Future language extensions

Disclaimer: I’m not a Carbon developer, I’m just someone with opinions.

In parameters, foo : T is a parameter whose address can’t be taken, and var foo : T is a parameter with an address. The same principle can also be applied to more situations. For example, consider the following classes:

class Birthday
{
    var year : i32;
    var month : i8;
    var day : i8;
}

class Person
{
    var birthday : Birthday;
    var number_of_children : i8;
}

I know, it’s silly. Bear with me.

Assuming Carbon follows the same rules for data layout, as C++ the size of Birthday is 8 bytes (4 bytes for year, 1 for month, 1 for day and 2 padding bytes at the end), and the size of Person is 12 bytes (8 bytes for Birthday, 1 byte for number_of_children, and 3 for padding).

A more optimal layout would eliminate Birthday and inline the members into Person:

class Person
{
    var birthday_year : i32;
    var birthday_month : i8;
    var birthday_day : i8;
    var number_of_children : i8;
}

Now, the size of Person is only 8 bytes because number_of_children can be stored in what were padding bytes before.

Is this an optimization the compiler could do?

Not really, because it needs to preserve a separate Birthday subobject: someone could take the address of the birthday member and pass it around.

While it could work here, because we’re just stuffing things into padding bytes; in general optimal layout might require splitting an existing subobject into two different parts or shuffling the members around differently. Then there simply exists no contiguous sequence of bytes that make up the member, so there no pointer to it can exist.

However, we could imagine member variables where you can’t take the address, signified by a lack of var:

class Person
{
    birthday : Birthday;
    number_of_children : i8;
}

Now the compiler is free to change the layout, inline struct members and shuffle them around. Note that taking the address of birthday.month (and the other members) is still fine: it’s been declared with var and its stored contiguously in memory – just not necessarily next to year and day. var and non-var members can be freely mixed.

Similarly, an optimization that transforms Array of Structs to Struct of Arrays is also invalid, as in the first layout you have each individual struct in one contiguous chunk of memory that have an address, but in the second the struct members have been split. If you have an array where you can’t take the address of elements however, this isn’t something you can observe.

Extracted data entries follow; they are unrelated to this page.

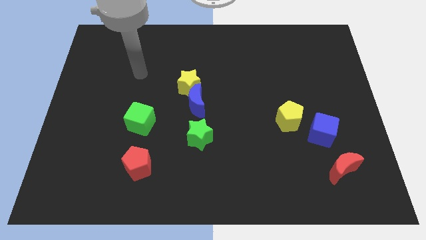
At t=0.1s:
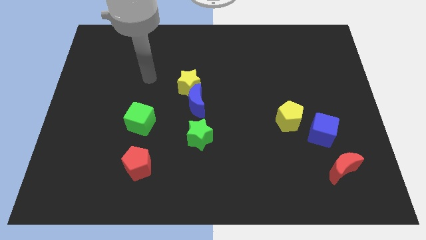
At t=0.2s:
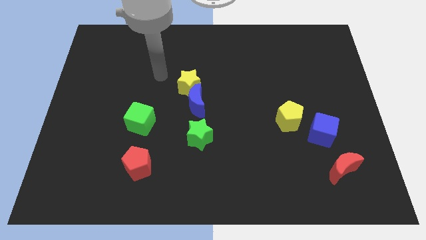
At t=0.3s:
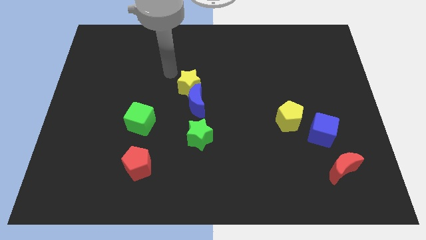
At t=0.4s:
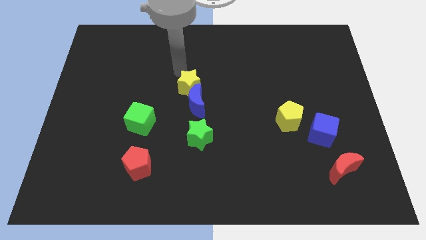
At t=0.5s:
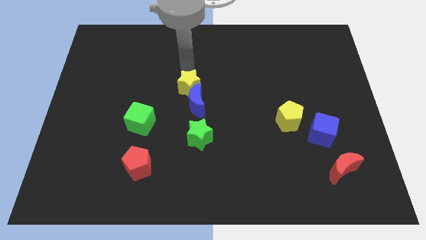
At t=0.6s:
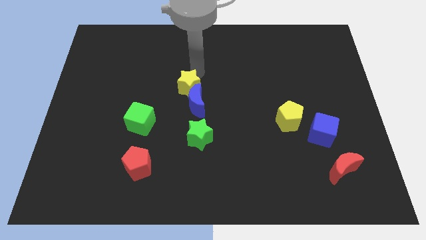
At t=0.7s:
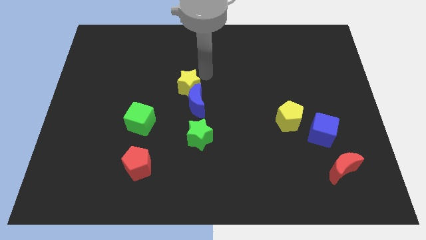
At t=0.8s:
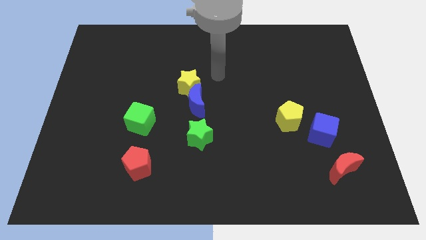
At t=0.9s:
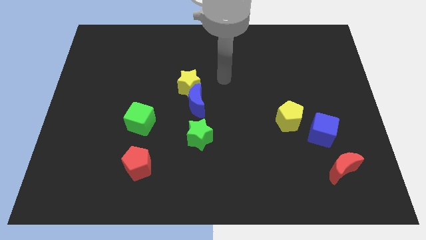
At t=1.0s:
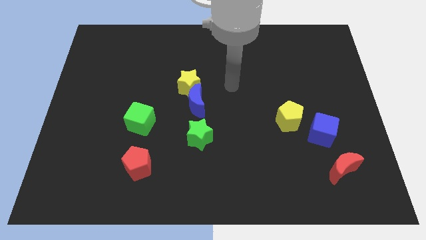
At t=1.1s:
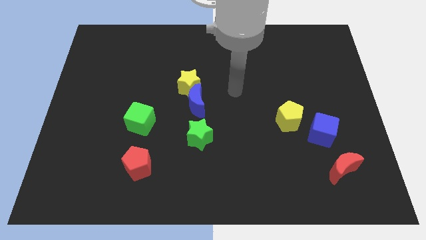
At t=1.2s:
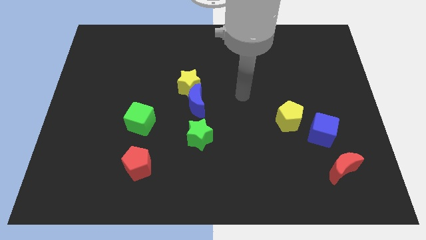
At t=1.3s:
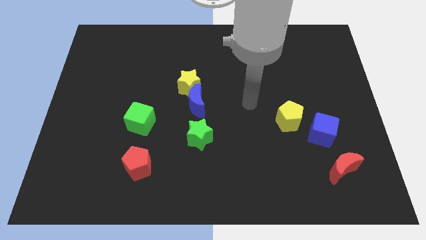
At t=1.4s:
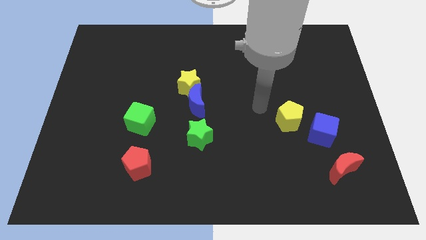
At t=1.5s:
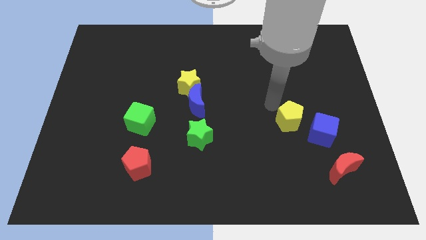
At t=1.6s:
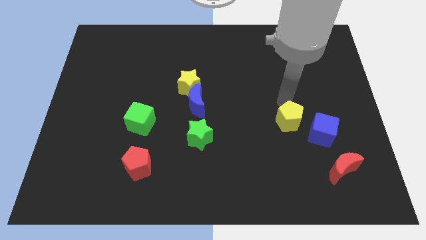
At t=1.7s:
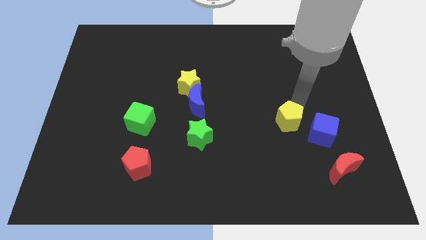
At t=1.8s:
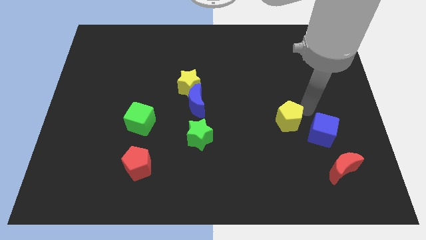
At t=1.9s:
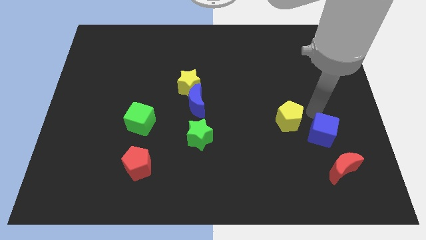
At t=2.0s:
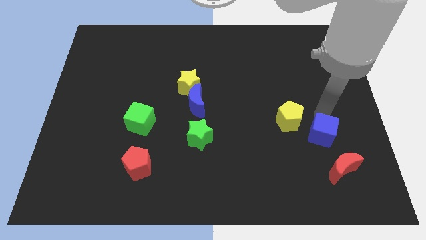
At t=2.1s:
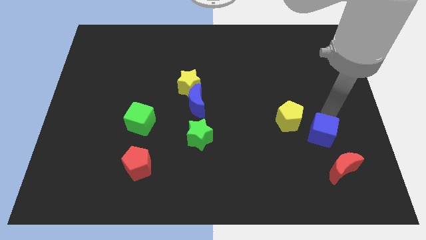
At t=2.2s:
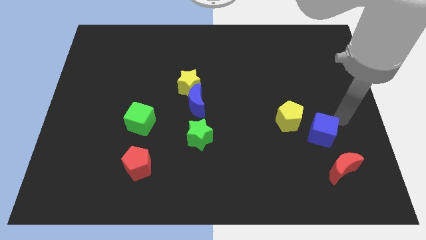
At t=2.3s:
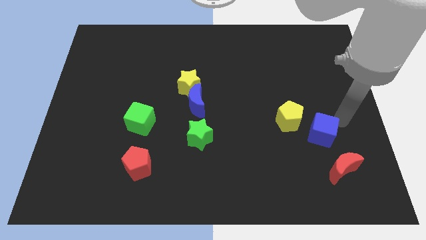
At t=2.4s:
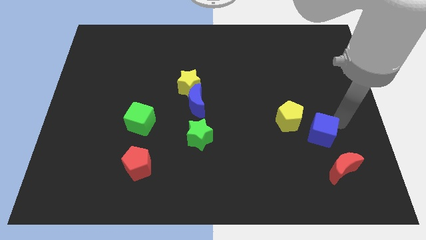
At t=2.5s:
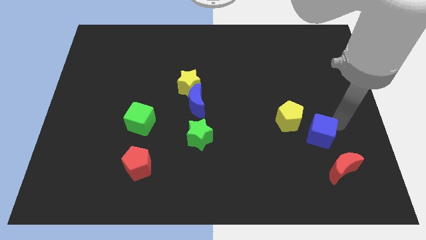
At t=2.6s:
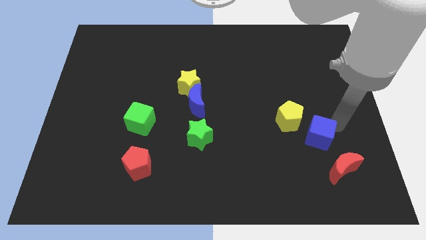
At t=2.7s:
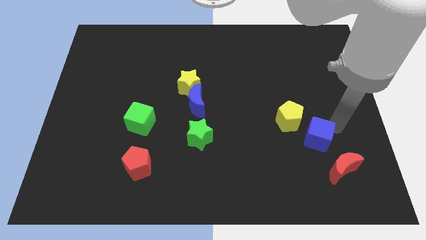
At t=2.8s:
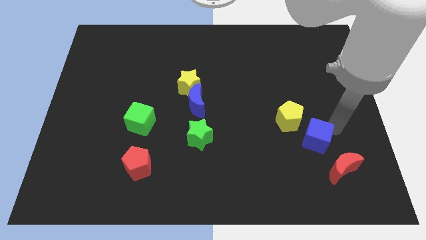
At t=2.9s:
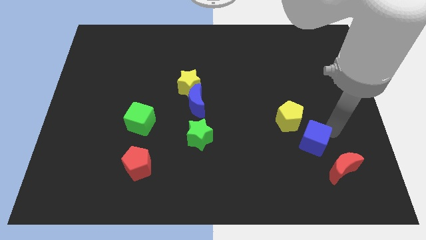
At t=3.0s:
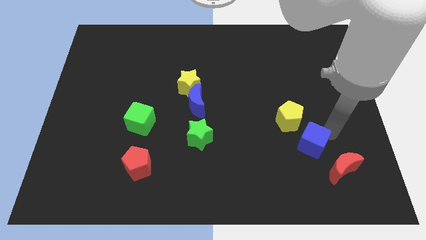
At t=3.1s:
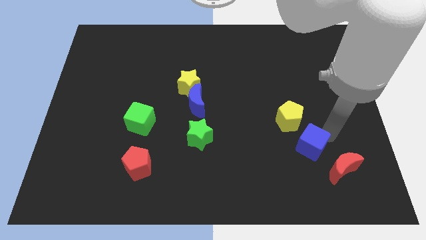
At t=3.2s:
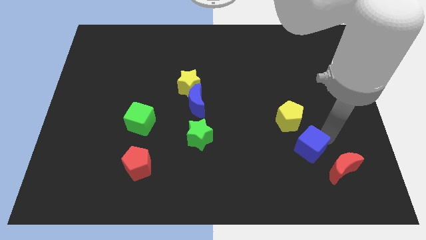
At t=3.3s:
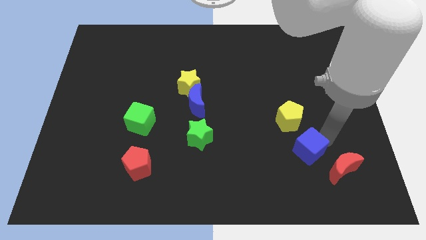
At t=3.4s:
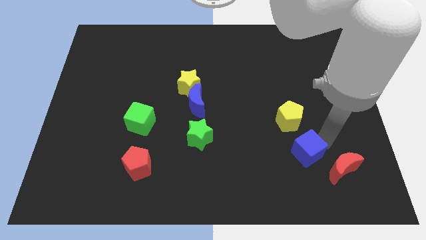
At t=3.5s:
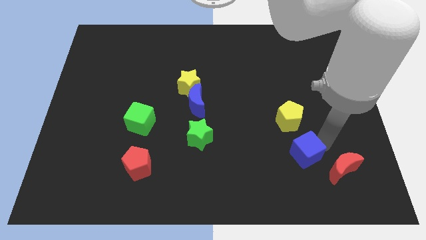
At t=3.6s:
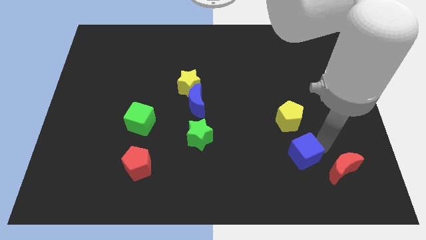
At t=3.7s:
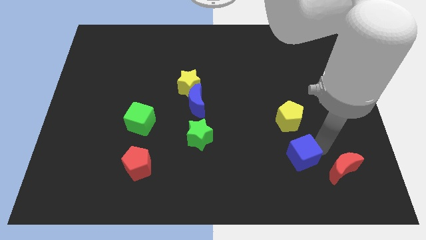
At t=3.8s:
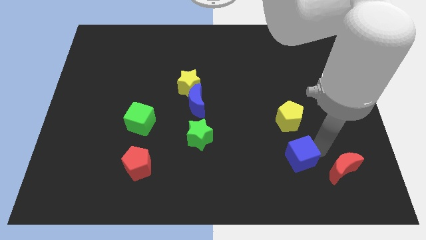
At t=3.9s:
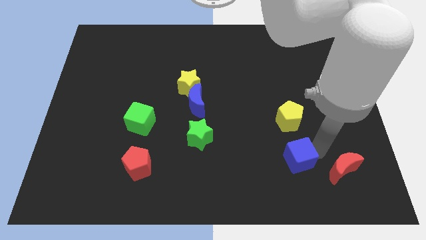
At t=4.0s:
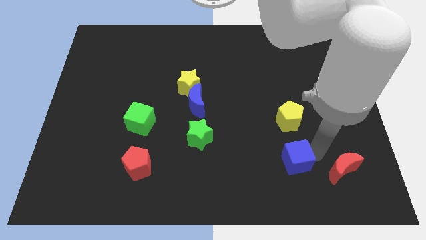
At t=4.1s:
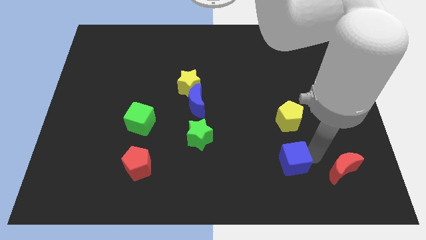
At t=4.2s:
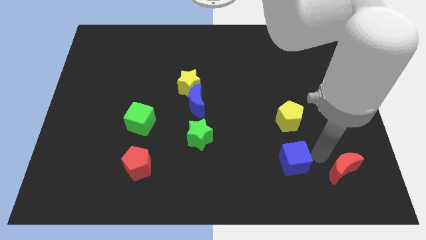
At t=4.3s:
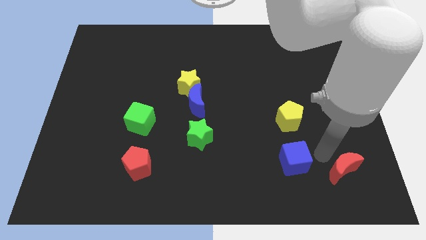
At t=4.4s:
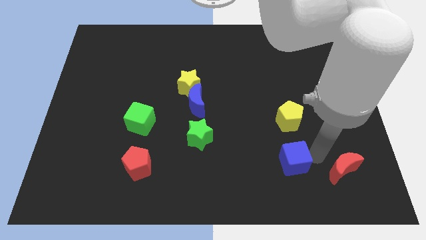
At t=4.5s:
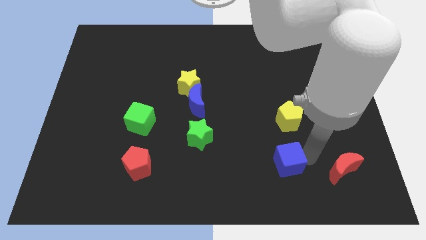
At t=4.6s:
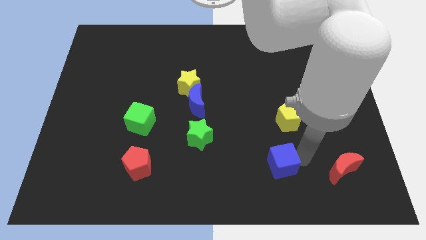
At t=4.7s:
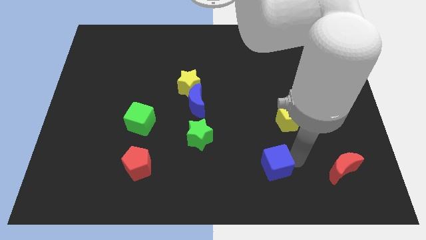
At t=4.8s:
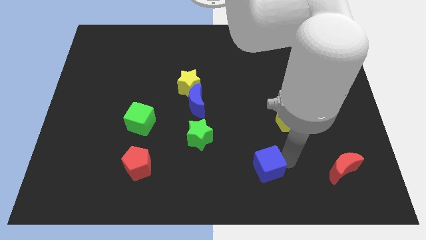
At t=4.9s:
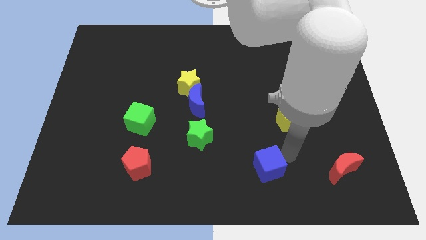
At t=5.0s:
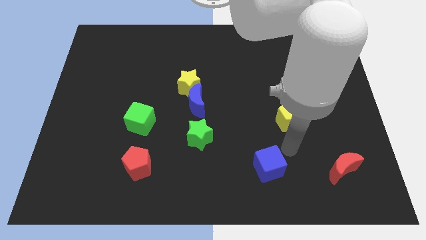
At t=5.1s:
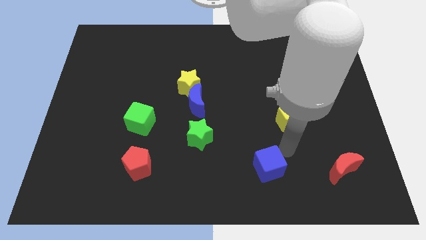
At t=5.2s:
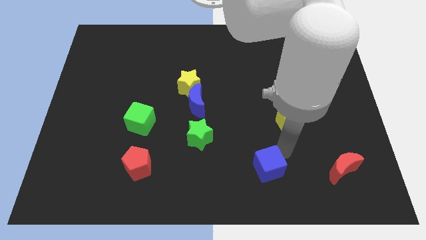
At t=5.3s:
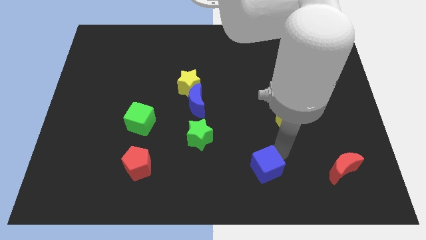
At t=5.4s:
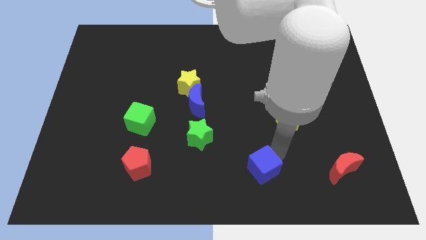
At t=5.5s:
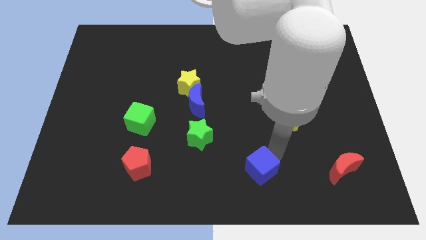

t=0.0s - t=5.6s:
move the blue cube to the bottom

Finally, extending it to local variables essentially enables the register keyword from C: local variables without an address that can safely live in registers. While it isn’t necessary for modern optimizers, it’s still less work if the compiler doesn’t need to consider them during escape analysis at all. More importantly, it documents intent to the reader.

Conclusion

Creating entities whose address can’t be taken is a simple feature with lots of potential. It enables many optimizations to change layout, as layout can’t be observed, it simplifies escape analysis and optimizes parameter passing.

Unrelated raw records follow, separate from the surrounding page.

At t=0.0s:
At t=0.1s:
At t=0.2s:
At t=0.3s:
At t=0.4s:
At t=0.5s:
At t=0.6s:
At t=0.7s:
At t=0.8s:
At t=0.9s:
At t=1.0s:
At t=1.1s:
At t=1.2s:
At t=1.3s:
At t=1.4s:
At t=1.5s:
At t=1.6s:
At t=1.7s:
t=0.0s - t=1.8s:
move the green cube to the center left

It’s also not really a limitation in many cases: how often do you actually need to take the address of something? Marking those few situations with an extra keyword doesn’t cost you anything.

I really wish C++ had it as well, but it wouldn’t work with functions that take references, which makes them useless unless the language was designed around it from the start.

This is exactly where Carbon comes in.